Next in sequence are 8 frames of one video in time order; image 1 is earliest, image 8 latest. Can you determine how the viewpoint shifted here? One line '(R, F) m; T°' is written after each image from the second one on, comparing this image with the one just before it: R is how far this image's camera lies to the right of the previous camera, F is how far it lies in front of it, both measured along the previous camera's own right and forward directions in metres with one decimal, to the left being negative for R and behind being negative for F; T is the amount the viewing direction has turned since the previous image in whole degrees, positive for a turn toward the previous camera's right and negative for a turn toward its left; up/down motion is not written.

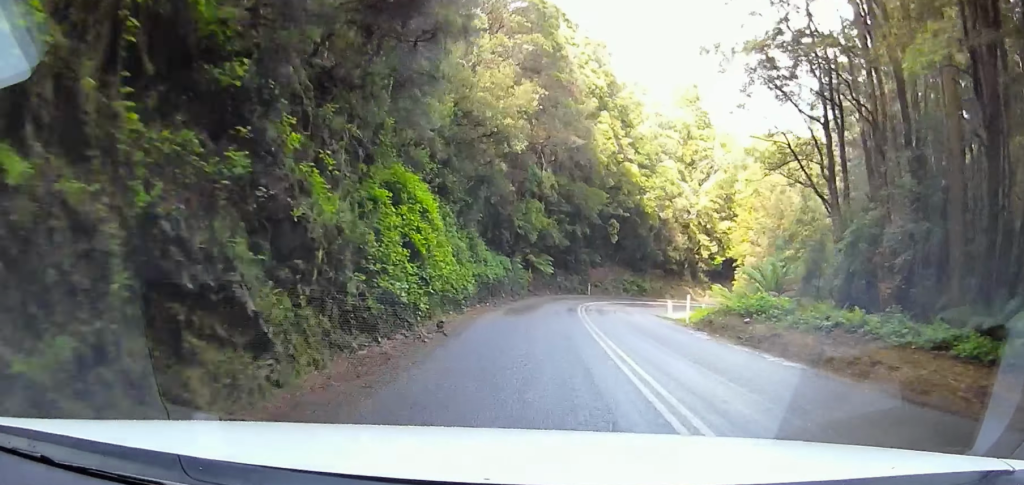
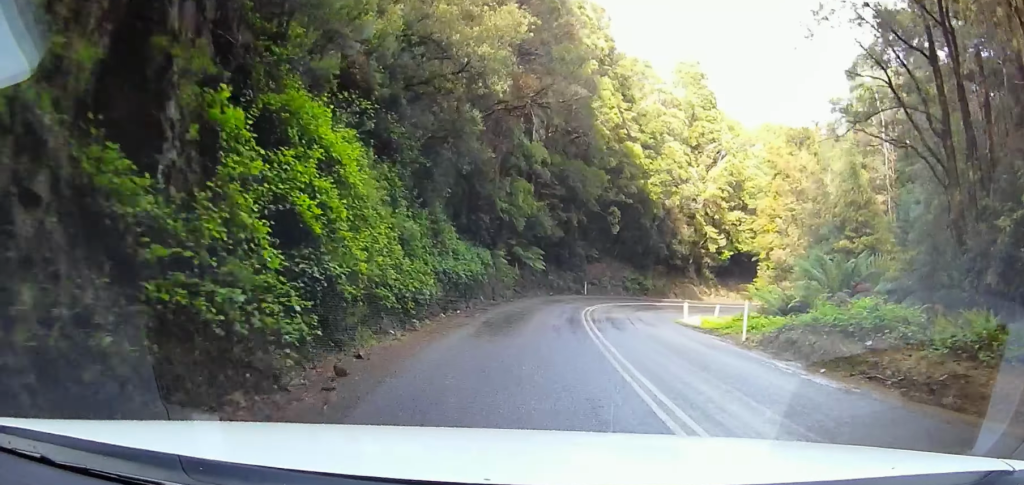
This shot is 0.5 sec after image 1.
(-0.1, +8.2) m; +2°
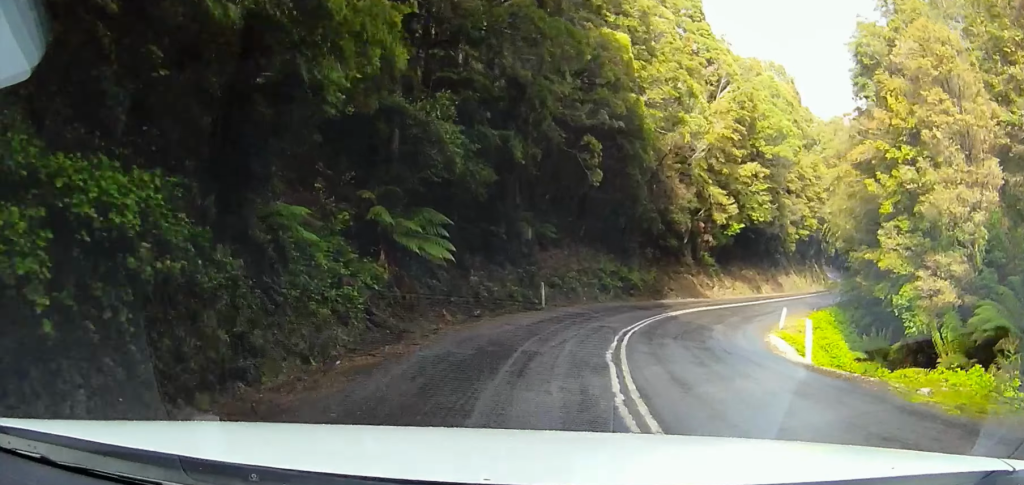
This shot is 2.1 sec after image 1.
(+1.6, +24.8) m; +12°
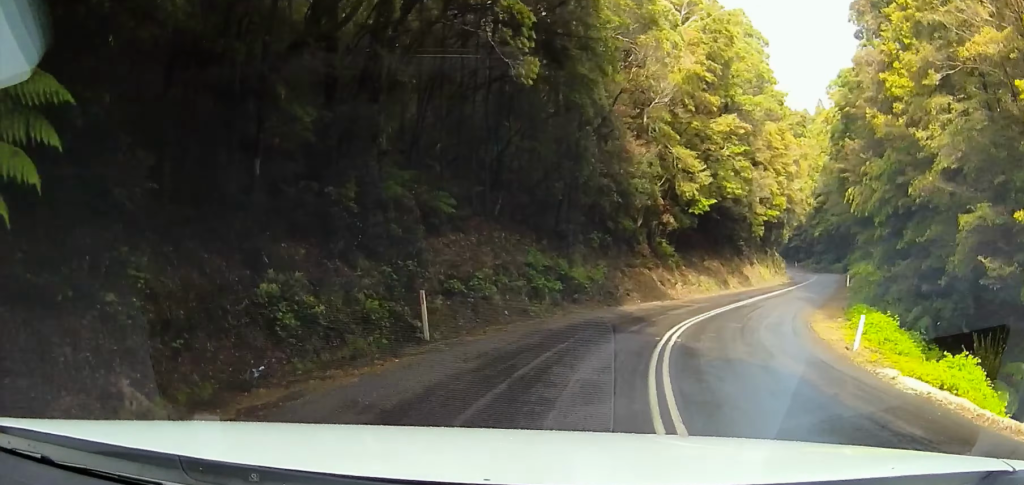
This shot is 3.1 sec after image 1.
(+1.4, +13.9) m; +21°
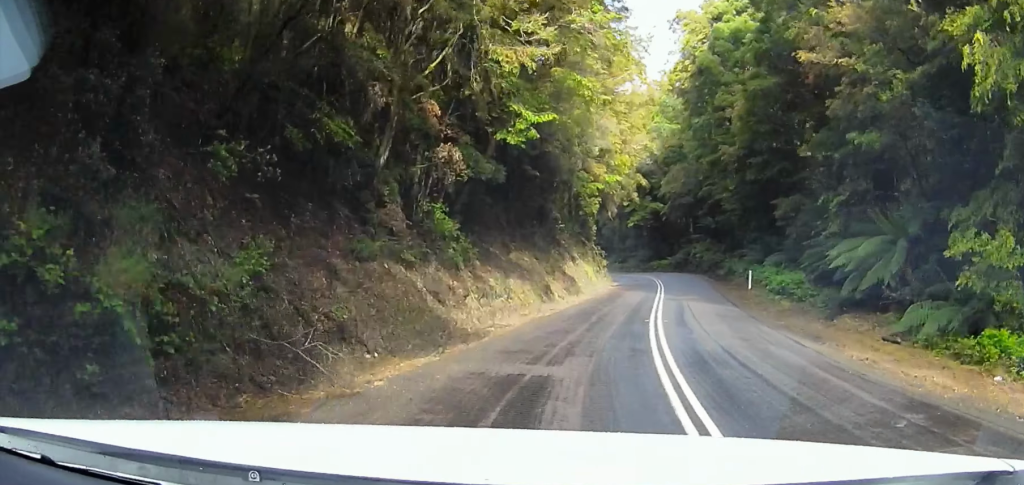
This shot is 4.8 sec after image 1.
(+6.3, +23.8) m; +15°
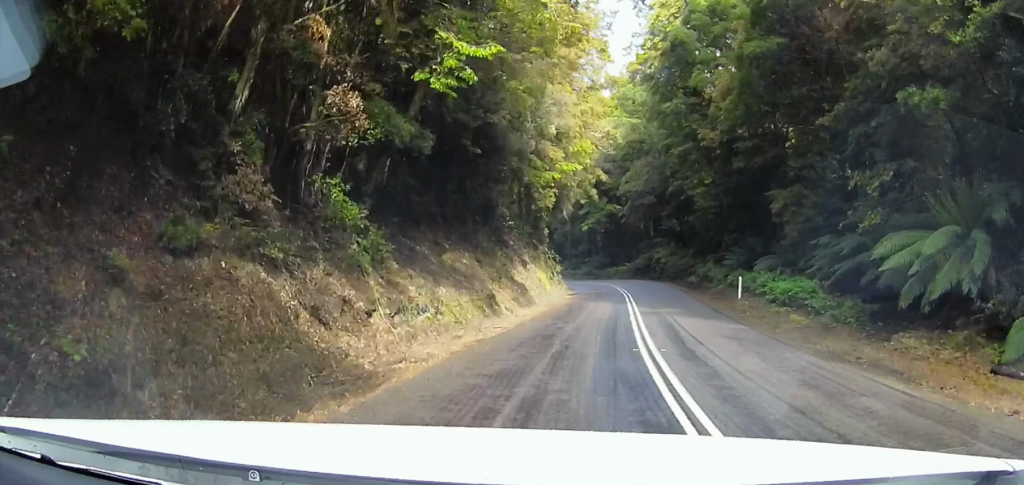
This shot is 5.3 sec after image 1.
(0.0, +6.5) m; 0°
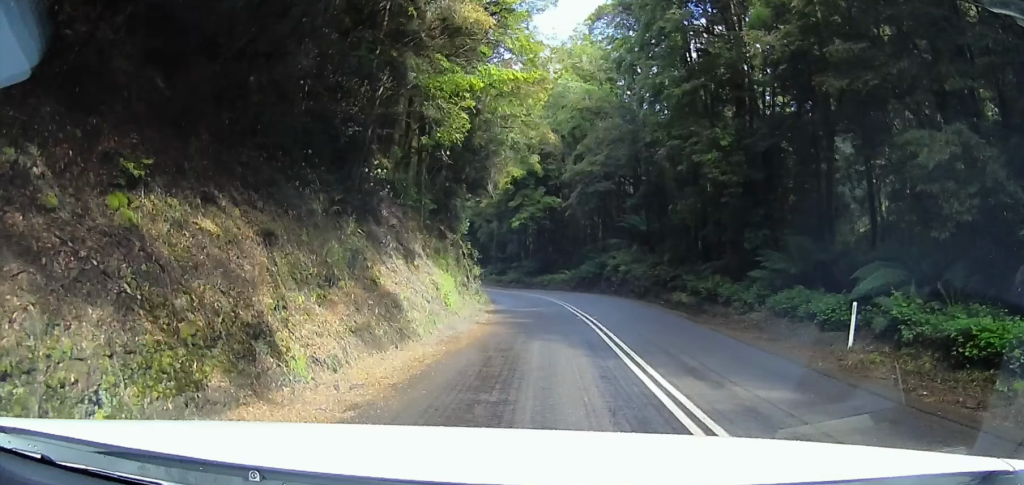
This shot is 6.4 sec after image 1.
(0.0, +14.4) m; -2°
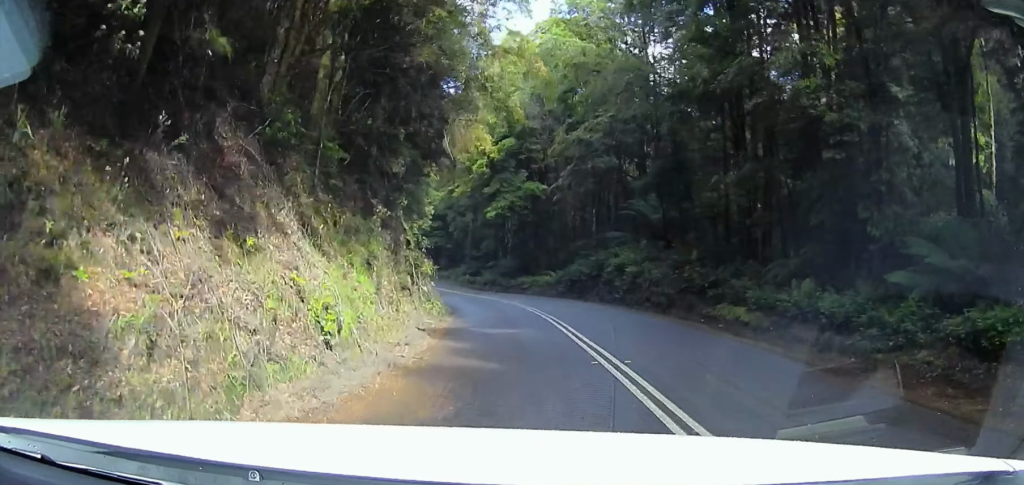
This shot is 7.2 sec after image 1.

__Directions for this task__.
Without the pictures, restate all of the entries word for word.

__Exercise result__.
Next in sequence are 8 frames of one video in time order; image 1 is earliest, image 8 latest. Can you determine how the viewpoint shifted here? One line '(R, F) m; T°' is written after each image from the second one on, comparing this image with the one just before it: R is how far this image's camera lies to the right of the previous camera, F is how far it lies in front of it, both measured along the previous camera's own right and forward directions in metres with one decimal, to the left being negative for R and behind being negative for F; T is the amount the viewing direction has turned since the previous image in whole degrees, positive for a turn toward the previous camera's right and negative for a turn toward its left; up/down motion is not written.

This shot is 0.5 sec after image 1.
(-0.1, +8.2) m; +2°
This shot is 2.1 sec after image 1.
(+1.6, +24.8) m; +12°
This shot is 3.1 sec after image 1.
(+1.4, +13.9) m; +21°
This shot is 4.8 sec after image 1.
(+6.3, +23.8) m; +15°
This shot is 5.3 sec after image 1.
(0.0, +6.5) m; 0°
This shot is 6.4 sec after image 1.
(0.0, +14.4) m; -2°
This shot is 7.2 sec after image 1.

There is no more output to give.